Braking is essential for the safe operation of the HOLI 300 small wind turbine. In this section we explain how to calculate the braking torque. We also find a brake type able to supply this torque. Important Note

Preliminary content from design report

The content of this article is taken from the December 2013 preliminary design report. It represents intention of design at that stage but does not necessarily show the final version of the HOLI 300 turbine design.

The contest regulations require the wind turbine system to provide a manual blocking of the rotor and a manual emergency stop. In order to fulfill the general safety requirements as described here the turbine has to be protected against overspeed as well. Overspeed can occur by different failures. A precondition for overspeed are high wind speeds. If these occur and the furling system fails to limit the rotor speed as described in the respective article, the disk brake gets activated. Except of a failure in the furling system, overspeed can also be caused by:

• failure of main shaft

The disk brake is triggered by the microcontroller, which determines the overspeed state by means of sensors. In case of overspeed, the brake is configured to stop the turbine in a short amount of time which will be specified in the following paragraph.

### Braking basics

The requirements for the braking system of the wind turbine are principally determined by the necessary braking torque. This torque is calculated from three parts. The necessary torque to break down the inertia of the system, the torque to break down the energy input out of the wind and the frictional resistance. The frictional resistance can be neglected. The inertia of the system can be calculated as follows:

It is assumed that a fault in the safety system or a furling delay leads to a 50 % overspeed condition compared to the cut-out wind speed with a rotor speed of $n=476.94\,\frac{1}{\textrm{min}}\cdot1.5\thickapprox715\,\frac{1}{\textrm{min}}$ and the brake should completely stop the rotor in a time of $t=3\,\textrm{s}$. This assumption is made in addition to IEC 61400-2 Load Case G to fulfill the customer’s high safety requirements. Also, it ensures a safe shutdown if the yaw axis is blocked and as a result, the furling system cannot move the rotor out of the wind. With an assumed blade inertia $J_{\textrm{b}}=0.305\,\textrm{kgm}^{2}$, generator inertia $J_{\textrm{g}}=0.006\,\textrm{kgm}^{2}$ and an estimated inertia taking into consideration other hub components as spinner and shaft $J_{\textrm{o}}=0.006\,\textrm{kgm}^{2}$, the total hub inertia is $J_{\textrm{h,t}}=4J_{\textrm{b}}+J_{\textrm{g}}+J_{\textrm{o}}=1.232\,\textrm{kgm}^{2}$. The brake torque $M_{\textrm{B,J}}$ is calculated taking the angular velocity $\omega$angular velocity into account. $M_{\textrm{B,J}}=J_{\textrm{h,t}}\omega=J_{\textrm{h,t}}\frac{2\pi\triangle n}{\triangle t}=30.75\,\textrm{Nm}$

Theoretically, the braking torque to break down the energy input at a constant level is rising but by taking into account a with the rotational speed decreasing efficiency, this phase has been neglected.

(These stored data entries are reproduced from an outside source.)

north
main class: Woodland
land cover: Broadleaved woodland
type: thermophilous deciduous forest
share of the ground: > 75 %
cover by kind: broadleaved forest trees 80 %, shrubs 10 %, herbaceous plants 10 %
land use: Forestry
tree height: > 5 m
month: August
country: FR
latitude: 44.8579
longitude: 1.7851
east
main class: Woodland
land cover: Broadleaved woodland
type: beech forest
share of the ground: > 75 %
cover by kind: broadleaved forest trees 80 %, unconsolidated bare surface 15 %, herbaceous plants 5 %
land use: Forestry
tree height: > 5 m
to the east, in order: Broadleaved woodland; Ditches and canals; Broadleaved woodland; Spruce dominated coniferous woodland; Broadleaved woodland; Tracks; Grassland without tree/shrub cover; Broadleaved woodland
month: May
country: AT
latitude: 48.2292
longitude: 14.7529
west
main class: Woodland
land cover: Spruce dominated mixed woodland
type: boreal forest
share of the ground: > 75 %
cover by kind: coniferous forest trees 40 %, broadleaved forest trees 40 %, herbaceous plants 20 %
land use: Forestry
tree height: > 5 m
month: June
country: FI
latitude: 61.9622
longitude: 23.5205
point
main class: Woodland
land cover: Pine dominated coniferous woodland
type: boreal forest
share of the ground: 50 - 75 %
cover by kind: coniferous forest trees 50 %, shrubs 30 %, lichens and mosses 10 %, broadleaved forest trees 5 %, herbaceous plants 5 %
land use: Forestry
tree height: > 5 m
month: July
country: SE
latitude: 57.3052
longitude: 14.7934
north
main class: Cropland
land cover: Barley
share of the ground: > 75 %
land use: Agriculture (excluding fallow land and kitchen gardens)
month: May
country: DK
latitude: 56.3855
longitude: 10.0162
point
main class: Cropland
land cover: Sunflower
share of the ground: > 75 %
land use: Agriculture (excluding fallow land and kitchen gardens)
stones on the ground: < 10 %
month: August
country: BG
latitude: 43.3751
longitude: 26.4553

The related equation is as follows: $M_{\textrm{B,nec}}=M_{\textrm{B,J}}+M_{\textrm{B,E}}=\frac{(\sum J)\cdot n_{\textrm{B}}}{k\cdot t_{\textrm{B}}}+\frac{P_{\textrm{input}}}{n_{\textrm{nom}}}\cdot k$

where $P_{\textrm{input}} =$ energy input $J =$ inertia of the system $n_{\textrm{B}} =$ rotational speed at moment of brake activation $n_{\textrm{nom}} =$ nominal rotational speed at moment of operation $t_{\textrm{B}} =$ braking time $k=\frac{60}{2\pi} =$ conversion factor

For this project an emergency braking time of about 3 seconds has been set. Furthermore, a power input at a maximum of 500 W has been assumed. The brake is activated once the overspeed limit has been triggered. The required torque to brake the rotor in 3 seconds is 42.67 Nm. This torque can be lowered by assuming higher braking times. The torque gives the range the brake should be able to cover.

### Disc Brake

To fulfill the the safety requirements to be able to react to failures in each component, a fail safe brake system was chosen. The disc brake operates with a brake caliper activated by a spring to ensure failsafe mode. The spring will be tensioned, so that the brake caliper is kept open electromagnetically. These electro magnets need an opening energy supply of 110 W and a permanent energy supply of 25 W to keep the brake caliper open. The energy supply should be provided by the generator or the battery. The voltage can be adapted.

### Summary

The advantage of this system is that the system is independent of human control and covers every safety requirements set for this contest. A disadvantage of the fail safe brake system is the complexity it adds to the project. However, this disadvantage is compensated by the advantages in protection of the turbine operator and the turbine components itself. Another disadvantage is the high amount of energy that is constantly needed to keep the brake in an open, operating state. For this reason, the authors are still evaluating other fail-safe alternatives for the emergency brake system, which might have a lower energy consumption.